De regulated hedge funds are not the issue… De-regulated, excessively leveraged, mortgage securities, are a different story however… They, not the banks that held them, are the cause of the crises…Years from now, when academics search for causes of the stock market crash of 2008, they will focus on the pivotal role of mortgage-backed securities. These exotic financial instruments allowed a downturn in U.S. home prices to morph into a contagion that brought down Bear Stearns a year ago this month – and more recently have brought the global banking system to its knees.

Where you err is when you state that banks too big to fail, assumed they would be bailed out… By implication, you say imply they failed from squandering money, and wanted the bailouts.. But your tax dollars didn’t flow directly to the bottom line.

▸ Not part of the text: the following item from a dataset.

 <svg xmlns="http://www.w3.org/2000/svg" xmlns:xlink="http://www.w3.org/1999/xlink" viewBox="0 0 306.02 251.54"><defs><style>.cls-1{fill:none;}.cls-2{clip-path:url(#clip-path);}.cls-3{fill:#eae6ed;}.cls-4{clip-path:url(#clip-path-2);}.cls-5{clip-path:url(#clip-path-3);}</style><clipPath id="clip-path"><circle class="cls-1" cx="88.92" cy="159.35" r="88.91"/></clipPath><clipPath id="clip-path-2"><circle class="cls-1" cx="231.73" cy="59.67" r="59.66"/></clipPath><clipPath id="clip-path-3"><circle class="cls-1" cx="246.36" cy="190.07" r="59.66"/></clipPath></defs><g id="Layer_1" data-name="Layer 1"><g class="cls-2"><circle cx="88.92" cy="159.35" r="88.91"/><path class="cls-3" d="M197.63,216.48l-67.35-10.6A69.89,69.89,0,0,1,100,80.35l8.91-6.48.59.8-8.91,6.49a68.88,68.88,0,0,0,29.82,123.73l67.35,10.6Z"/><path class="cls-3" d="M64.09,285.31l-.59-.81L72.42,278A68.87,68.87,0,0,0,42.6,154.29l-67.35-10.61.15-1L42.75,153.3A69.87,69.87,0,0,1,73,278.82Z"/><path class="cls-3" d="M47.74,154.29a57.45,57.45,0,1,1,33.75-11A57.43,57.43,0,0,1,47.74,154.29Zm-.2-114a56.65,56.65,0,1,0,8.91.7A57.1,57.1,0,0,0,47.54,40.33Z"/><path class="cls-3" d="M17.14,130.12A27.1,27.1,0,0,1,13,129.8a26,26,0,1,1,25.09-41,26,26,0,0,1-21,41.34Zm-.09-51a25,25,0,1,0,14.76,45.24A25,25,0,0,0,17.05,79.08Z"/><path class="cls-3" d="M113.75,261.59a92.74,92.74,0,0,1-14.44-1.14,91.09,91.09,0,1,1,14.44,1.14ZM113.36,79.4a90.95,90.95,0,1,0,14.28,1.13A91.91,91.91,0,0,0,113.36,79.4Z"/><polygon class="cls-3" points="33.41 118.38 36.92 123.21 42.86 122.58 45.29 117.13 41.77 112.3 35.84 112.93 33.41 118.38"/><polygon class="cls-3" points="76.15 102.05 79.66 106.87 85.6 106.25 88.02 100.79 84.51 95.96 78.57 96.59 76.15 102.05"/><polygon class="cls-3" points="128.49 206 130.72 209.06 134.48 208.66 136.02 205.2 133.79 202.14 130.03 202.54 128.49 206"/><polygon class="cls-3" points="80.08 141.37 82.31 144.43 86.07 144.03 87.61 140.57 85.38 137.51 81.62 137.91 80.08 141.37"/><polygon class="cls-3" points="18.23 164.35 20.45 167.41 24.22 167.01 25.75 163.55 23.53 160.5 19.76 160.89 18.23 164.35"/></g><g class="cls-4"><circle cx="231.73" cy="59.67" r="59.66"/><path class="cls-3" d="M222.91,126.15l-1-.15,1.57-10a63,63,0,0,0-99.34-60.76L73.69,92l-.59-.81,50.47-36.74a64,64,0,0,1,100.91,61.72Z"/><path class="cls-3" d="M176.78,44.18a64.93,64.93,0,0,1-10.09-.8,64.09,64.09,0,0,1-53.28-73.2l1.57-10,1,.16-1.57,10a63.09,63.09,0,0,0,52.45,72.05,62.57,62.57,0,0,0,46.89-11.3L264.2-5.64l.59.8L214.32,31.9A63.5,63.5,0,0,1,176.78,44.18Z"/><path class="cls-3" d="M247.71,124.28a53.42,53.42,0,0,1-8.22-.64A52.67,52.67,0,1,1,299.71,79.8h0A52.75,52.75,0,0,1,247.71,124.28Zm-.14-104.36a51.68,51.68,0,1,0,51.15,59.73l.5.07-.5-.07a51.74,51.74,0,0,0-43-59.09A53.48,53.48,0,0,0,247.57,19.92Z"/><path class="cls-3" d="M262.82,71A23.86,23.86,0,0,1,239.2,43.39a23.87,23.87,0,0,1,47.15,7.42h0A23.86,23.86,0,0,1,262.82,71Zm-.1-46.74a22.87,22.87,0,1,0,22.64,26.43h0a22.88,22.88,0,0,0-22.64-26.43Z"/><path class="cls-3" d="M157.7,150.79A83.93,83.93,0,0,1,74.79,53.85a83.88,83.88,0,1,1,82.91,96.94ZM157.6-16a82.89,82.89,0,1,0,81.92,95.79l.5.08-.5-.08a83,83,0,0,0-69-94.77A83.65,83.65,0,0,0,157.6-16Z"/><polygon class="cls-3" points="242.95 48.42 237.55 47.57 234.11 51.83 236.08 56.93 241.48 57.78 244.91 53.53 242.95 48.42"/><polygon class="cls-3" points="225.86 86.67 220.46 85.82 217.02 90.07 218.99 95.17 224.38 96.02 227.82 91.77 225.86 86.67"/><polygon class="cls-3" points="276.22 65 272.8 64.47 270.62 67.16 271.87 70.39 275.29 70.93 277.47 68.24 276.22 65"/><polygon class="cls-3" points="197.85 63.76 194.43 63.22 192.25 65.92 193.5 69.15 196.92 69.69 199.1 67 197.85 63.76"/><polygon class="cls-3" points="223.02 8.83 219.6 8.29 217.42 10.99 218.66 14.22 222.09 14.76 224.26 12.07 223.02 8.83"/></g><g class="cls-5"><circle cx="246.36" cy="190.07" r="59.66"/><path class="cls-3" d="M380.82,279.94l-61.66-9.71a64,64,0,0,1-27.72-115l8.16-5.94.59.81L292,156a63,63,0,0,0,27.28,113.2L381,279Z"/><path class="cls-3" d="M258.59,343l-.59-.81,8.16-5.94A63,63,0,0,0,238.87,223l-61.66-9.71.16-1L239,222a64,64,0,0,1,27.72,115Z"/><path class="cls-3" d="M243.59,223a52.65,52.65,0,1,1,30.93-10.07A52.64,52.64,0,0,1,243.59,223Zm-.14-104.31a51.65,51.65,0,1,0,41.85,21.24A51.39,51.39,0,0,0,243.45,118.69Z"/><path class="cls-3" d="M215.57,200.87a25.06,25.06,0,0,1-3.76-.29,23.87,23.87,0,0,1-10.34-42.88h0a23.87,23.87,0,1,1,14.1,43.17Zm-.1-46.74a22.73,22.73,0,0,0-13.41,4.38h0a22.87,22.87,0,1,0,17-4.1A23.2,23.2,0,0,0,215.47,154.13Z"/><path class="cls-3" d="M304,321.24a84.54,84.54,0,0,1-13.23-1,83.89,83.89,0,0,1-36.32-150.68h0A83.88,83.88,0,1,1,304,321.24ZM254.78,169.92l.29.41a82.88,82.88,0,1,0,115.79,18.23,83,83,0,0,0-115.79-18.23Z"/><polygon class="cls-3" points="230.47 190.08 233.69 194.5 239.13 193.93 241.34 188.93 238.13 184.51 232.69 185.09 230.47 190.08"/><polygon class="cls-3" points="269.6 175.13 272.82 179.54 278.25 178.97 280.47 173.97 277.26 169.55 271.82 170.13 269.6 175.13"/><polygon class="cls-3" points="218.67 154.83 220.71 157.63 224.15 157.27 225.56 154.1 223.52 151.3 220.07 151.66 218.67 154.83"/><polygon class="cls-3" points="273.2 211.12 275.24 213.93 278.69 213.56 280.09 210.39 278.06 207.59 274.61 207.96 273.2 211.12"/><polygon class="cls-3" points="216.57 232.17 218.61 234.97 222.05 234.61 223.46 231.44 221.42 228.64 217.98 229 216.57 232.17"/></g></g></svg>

The roughly $200 billion the Treasury Department has handed out to battered banks was swapped for a special class of stock that pays a 5 percent dividend (rising to 9 percent after five years.) As of April 15, the Treasury had collected about $2.5 billion in dividend payments on its investment.

So in that sense, the bailout money represents an expense for banks. That’s one reason a number of banks have said they want to give the money back as soon as possible.

You say big banks were counting on a bailout, and they got them? That didn’t happen to these banks. New Mexico, Georgia, and Florida each lost a bank just last Friday. That brings to 8, the number of banks failed in June. Unfortunately if a bank is failing, it can’t bet on itself to fail, as can a hedge fund.

Duffy leads: Banks have successfully lobbied to get their losses absorbed by taxpayers and gains are kept private. How nice for them. They felt comfortable making insane gambles because they knew they’d be bailed out. Most of them were right. Also remember that it was Bill Clinton who tore down the wall between retail and investment banking. The idea was to give banks more stability as they typically perform as exact opposites in bull and bear markets. (FWIW, I think that was a good idea and I can tell you first hand that two of the Fortune 100 banks I worked for were carried by retail banking in bear years. They may not have had bonuses those years but they didn’t have layoffs either)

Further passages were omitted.